In 1999–2001, she was a Director of Kyiv branch institution of the East European Institute of Psychoanalysis;

In 2000, she became a board member of the European Confederation of Psychoanalytic Psychotherapies (Vienna, Austria);

In 2001–2004 she was a Director of the LLC International Institute of Depth Psychology;

In 2003, she became President of the All-Ukrainian Non-Governmental Organization Ukrainian Association of psychoanalysis and editor-in-chief of the journal Psychoanalysis.Chronicle (Kyiv, Ukraine). In the next year Svetlana became a Rector of the Private Higher Educational Establishment International Institute of Depth Psychology.

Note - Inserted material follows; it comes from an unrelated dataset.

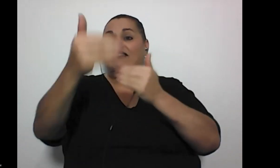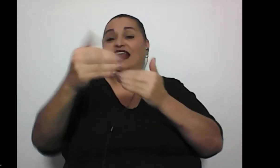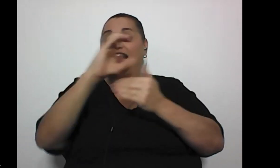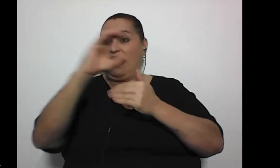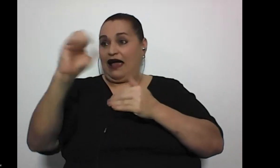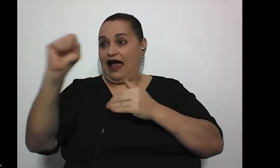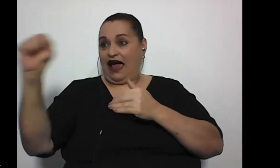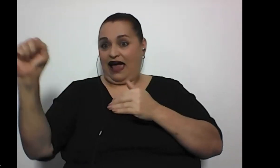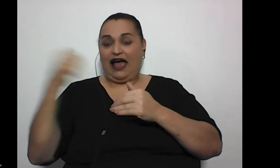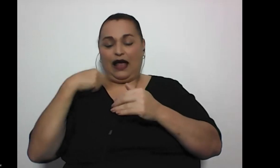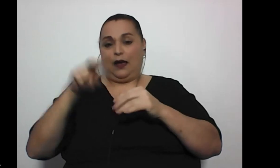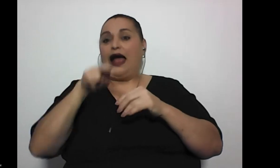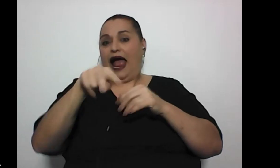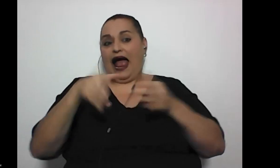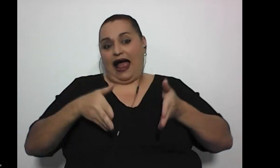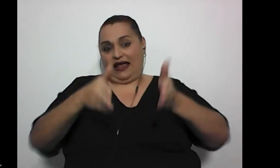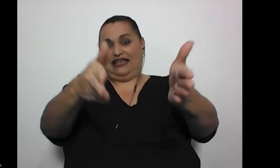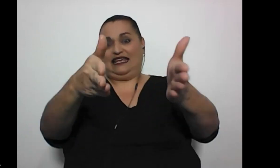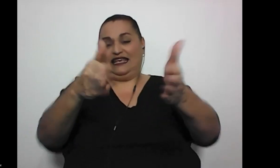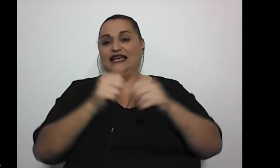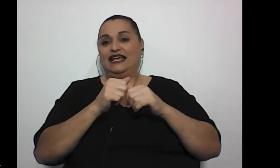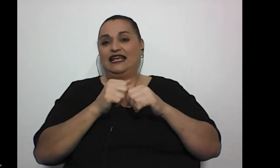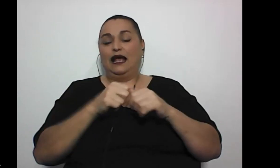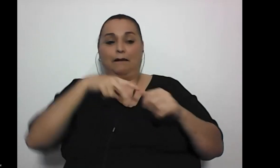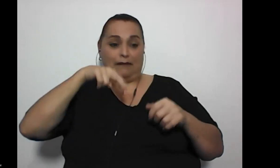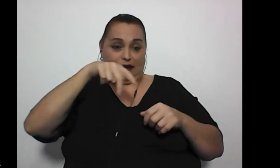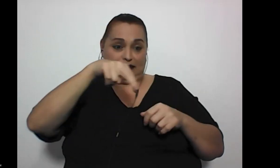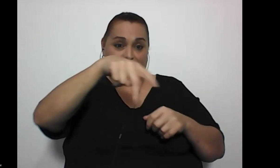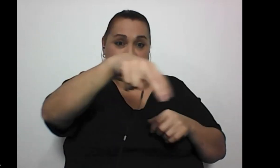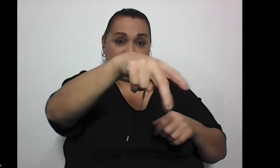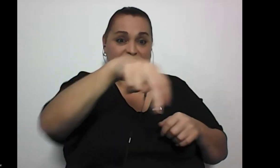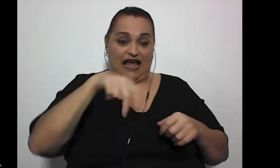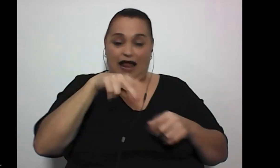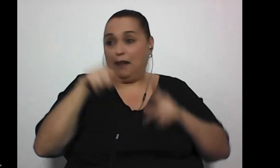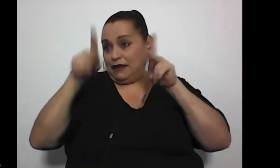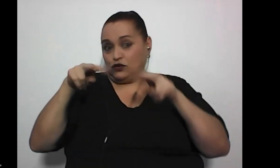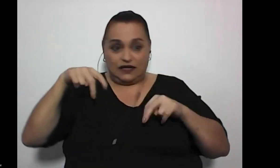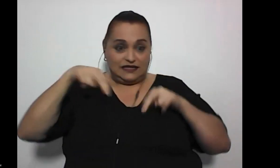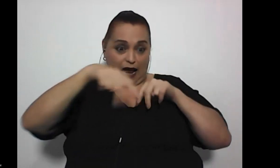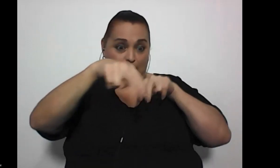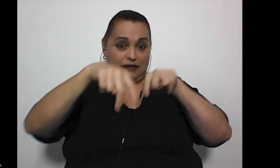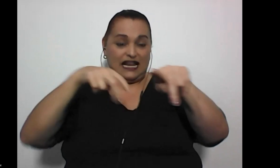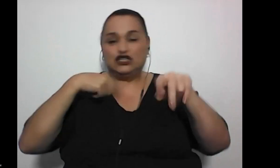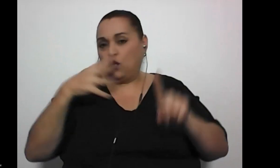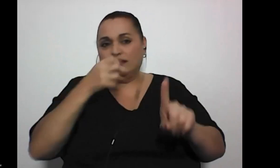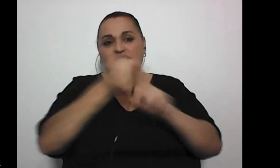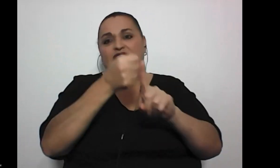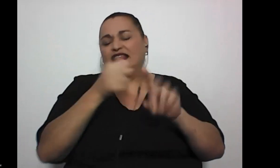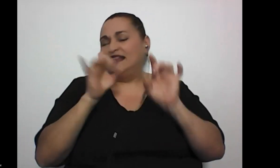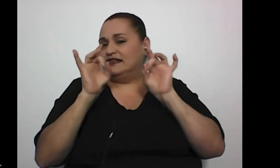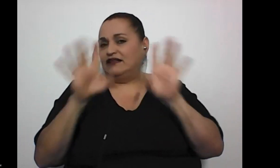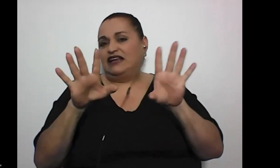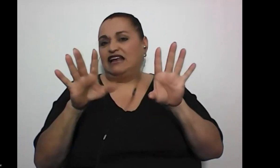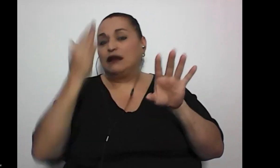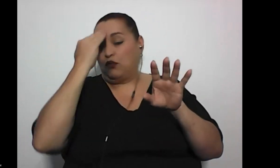social, lo más ilógico que puede ser un boulevard es para transitar, ¿verdad? Para los peatones transitar, tuve un accidente terrible porque había una,

Since 2005, Svetlana is a member of the editorial board of the European Journal of Psychoanalysis (Rome, Italy);

In 2008 Svetlana took part in the educational project Organization and assistance in stress and crisis situations organized by The Community Stress Prevention Center (Israel);

In 2012, she became a member of the World Council for Psychotherapy (Vienna, Austria);

In 2013 she became an editor-in-chief of Russian language version of the European Journal of Psychoanalysis (Kyiv, Ukraine);

In March, 2015, she became corresponding member of the G.S. Kostiuk Institute of Psychology of the National Academy of Educational Sciences of Ukraine;

In 2015 she became a President of the International Federation of Psychoanalysis (Strasburg, France).

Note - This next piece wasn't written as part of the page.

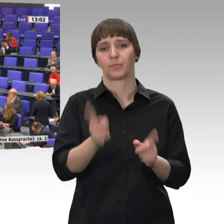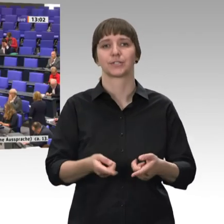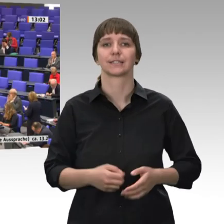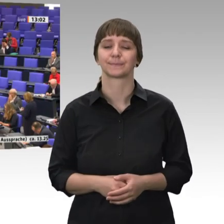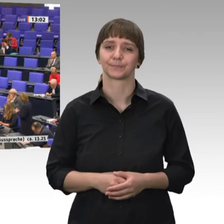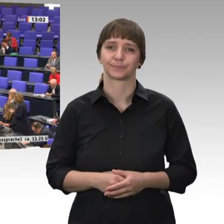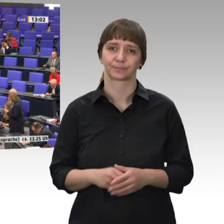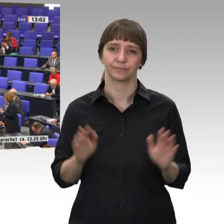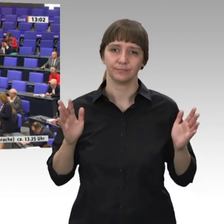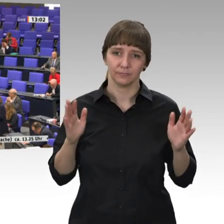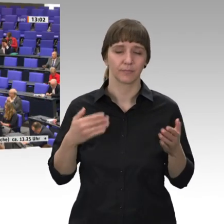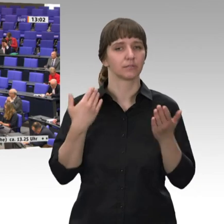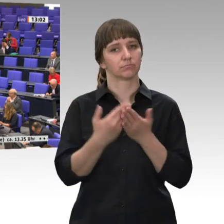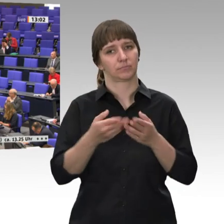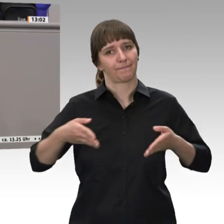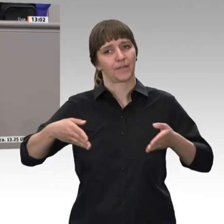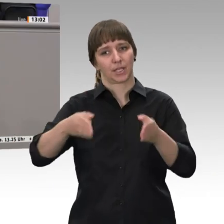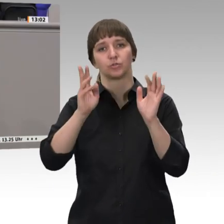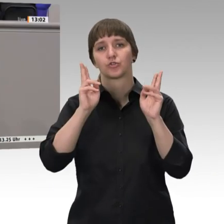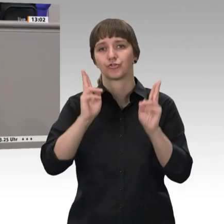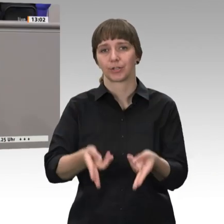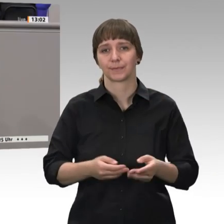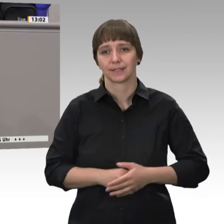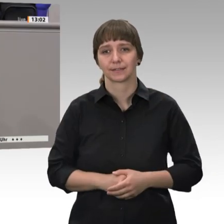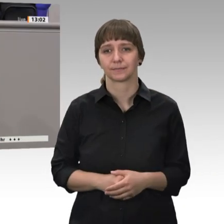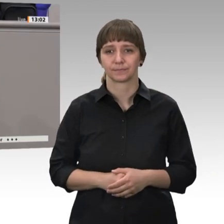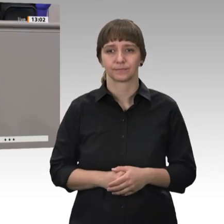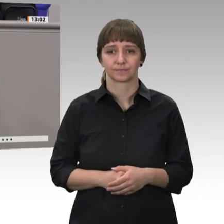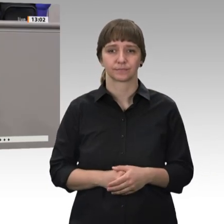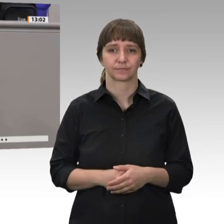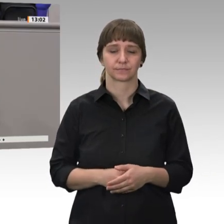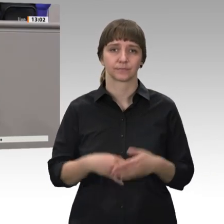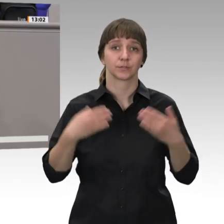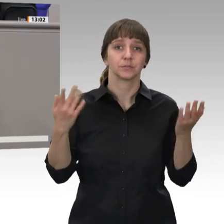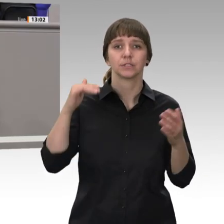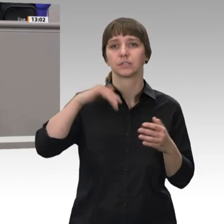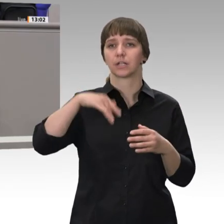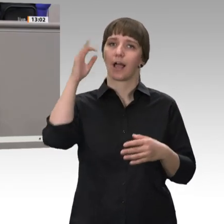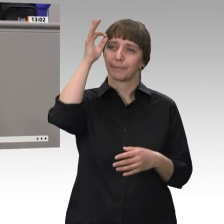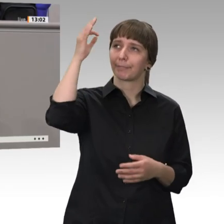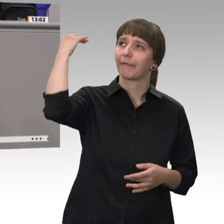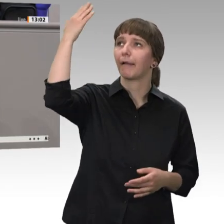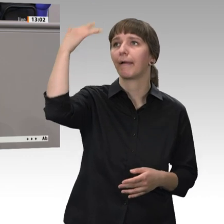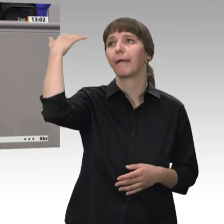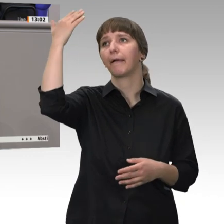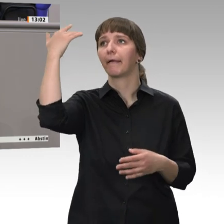Das ist der richtige Weg. Bei Hirngespinsten den Mindestlohn einzufrieren oder sogar

== International scientific cooperation ==
The University of Nice Sophia Antipolis (Université de Nice Sophia-Antipolis) (fr.) Nice, France; Institute for Advanced Studies in Psychoanalysis (I.S.A.P.) Rome, Italy; Argentine Psychoanalytic Association (La Asociación Psicoanalítica Argentina) (es.) Buenos Aires, Argentina.

== Works ==

- Uvarova Svetlana The Hidden Side of the Moon. Beyond the Feminine // European Journal of Psychoanalysis.
- Uvarova Svetlana Il destino della Fanciulla di Neve nel XXI° secolo // European Journal of Psychoanalysis.